Ve Din, İslam, artık en halis en doğru müslümanların kendileri olduklarını iddiaya başladılar...asıl acı verici olan ise şudur;

Bu zümre, atalardan kalan, miras olan müslümanlığı değil, Kurana dayanan, deforme olmamış İslamı savunuyor ve sahipleniyor...:Ve maatessüf ki, bu zümra Haniflik iddiasında bulunuyorlar...
Üzücü, zira geleneksel Müslümanlığın içindeki hurafeler, müslüman olan kişi hernekadar ona uysa da, vicdanına tam oturtamadığı olguları bu zümre red ediyor...Kuranı sahipleniyorlar, kolaylaştırıcı olan Kuranı...

En kısa, en doğru ve en güzel yol olan Hz İbrahim atamızın yolunu sahipleniyorlar...Ve dini atalarındna miras kalıp, taklit ile müslüman olanların çocukları, kısa sürede onların etkisi altına girecekler...Yakında emekli Generallerin, bayram namazlarına, Cuma namazlarına gitmeye başladığını görebilirsiniz...Ve onyıllardır ezilmiş ve aşağılanmış olan Halk bu durum karşısında büyük memnuniyet duyup, gelenek Müslümanlıktaki bidatlerin yozluğundan, bu yeni söyleme koşar adım gideceklerdir mazallah...

Bunu engellemenin tek çaresi var...

"SAHİP OLDUĞUNUZ İMAN, SİZİ BU DÜNYADA DA HUZURA ERDİREBİLİRSE"

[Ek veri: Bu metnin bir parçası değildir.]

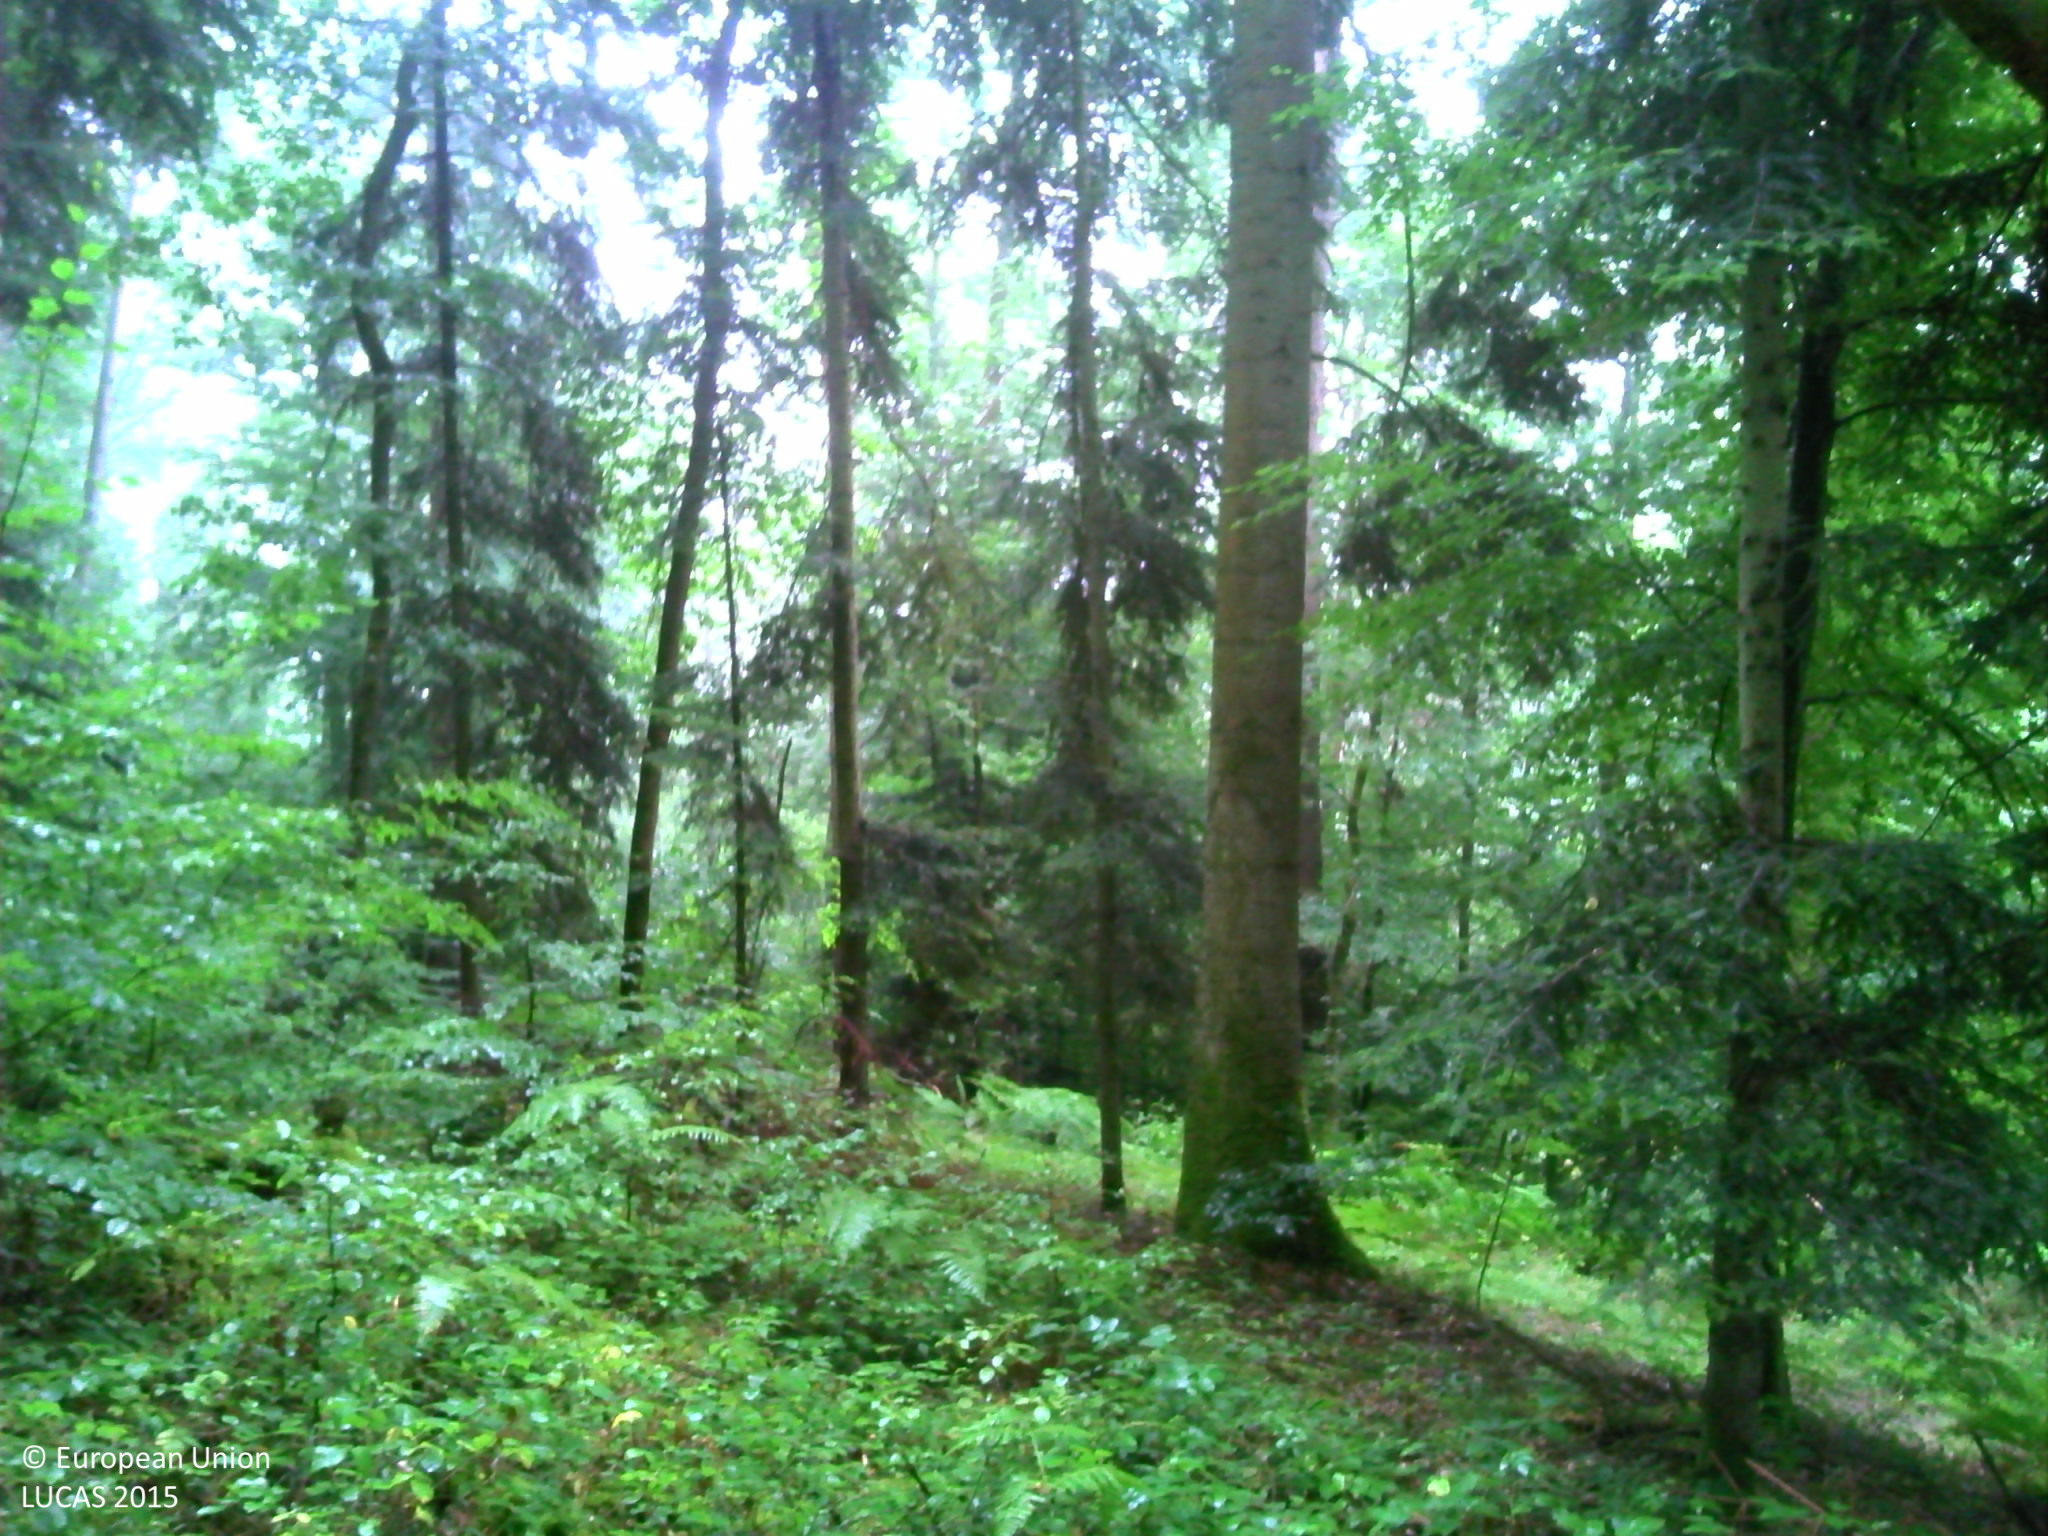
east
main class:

Zira Dillerde mutluluk şiirleri, yüreklerde cehennem ateşleri varken, çağırdığınız Din sahici gelmiyor İnsanlara...unutmayın, burada ağızlardan dökülen mutluluk yazılarının sağlaması EVLERİNİZDE ki hayatlarınızdır ve o hayatlara EVLATLARINIZ şahittir...vesselam
 
Türk İslam ülkücüleri ve ulusalcılar

Türk İslam ülkücüleri ve ulusalcılar

Açık istihbarat sitesinin adını ilk kez 2004 yılının sonunda Hulki Cevizoğlu’nun sunduğu Cevizkabuğu programına katılan ‘’Metal fırtına’’ kitabının yazarları tarafından canlı yayında duymuştum. Ceviz kabuğuna telefon ile katılan bir konukla, yazarlar arasında geçen diyalogda ‘’Açık istihbarat’’ adı geçmişti. O gün bu gün siteyi hep takip ettim. İlk başlarda sitenin yapısı sebebiyle takip edilme konusunda biraz sorunluydu.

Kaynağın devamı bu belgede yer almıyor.